The battle over the defense budget polarized Israel and split Begin’s coalition government. A number of coalition MKs announced this week that they would vote against an IL 15 billion cut in the Knesset. President Yitzhak Navon, who normally does not intervene publicly in political disputes, expressed concern this week that the proposed budget cuts would endanger Israel’s defense capabilities. He said he hoped they would not be approved in total.

MILITARY MADE EFFECTIVE ARGUMENT

The defense establishment argued effectively against the cuts demanded by the Treasury. Gen. Eitan and other senior officers warned that, among other things, a reduced military budget would limit training exercises, force soldiers in outlying areas to live in tents for the next year or two and probably reduce the overall size of the armed forces.

Defense Ministry officials warned that the redeployment of the armed forces from Sinai to a new, elaborate defense system in the Negev would be delayed, that production of Israel’s fighter plane, the Kfir, would be curtailed and its second generation prototype, the Lavie, might never get off the drawing boards. This would not only weaken the Air Farce and retard Israel’s progress toward military self-sufficiency but would affect Israel Aircraft Industries which is heavily dependent on foreign orders for the Kfir and Lavie.
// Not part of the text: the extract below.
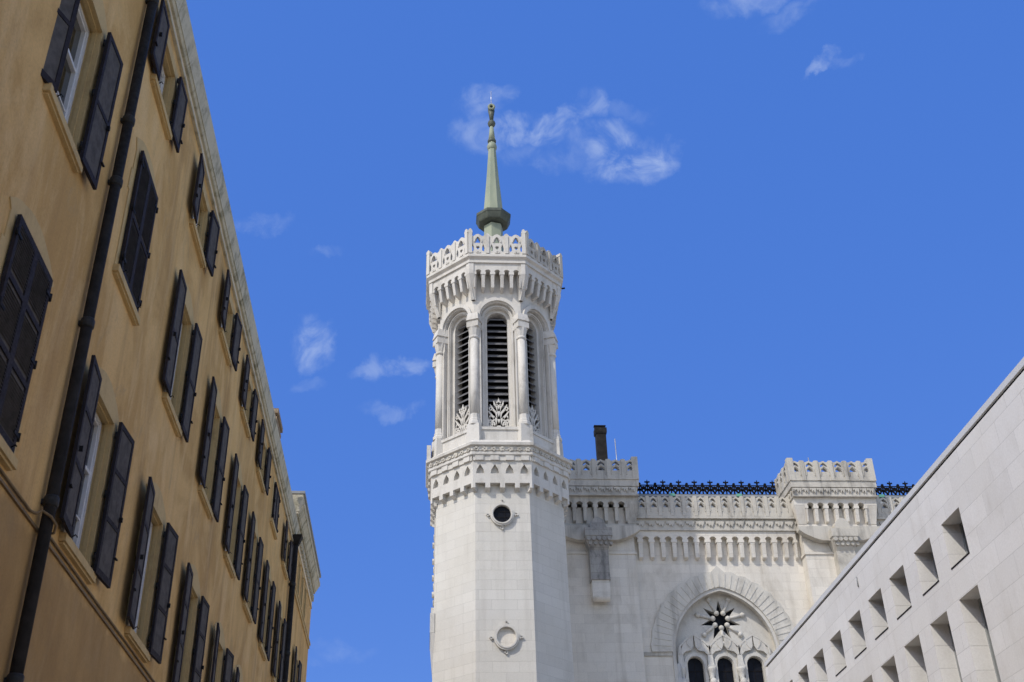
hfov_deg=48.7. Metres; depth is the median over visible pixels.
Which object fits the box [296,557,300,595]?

Treasury officials and other financial authorities countered these arguments by contending that inflation, in the long run, was a greater menace to national security than military budget cuts. Arnon Gafni, Governor of the Bank of Israel, said Tuesday that if the IL 15 billion cut was approved it would have a favorable effect on inflation by reducing the influx of government money into the money market.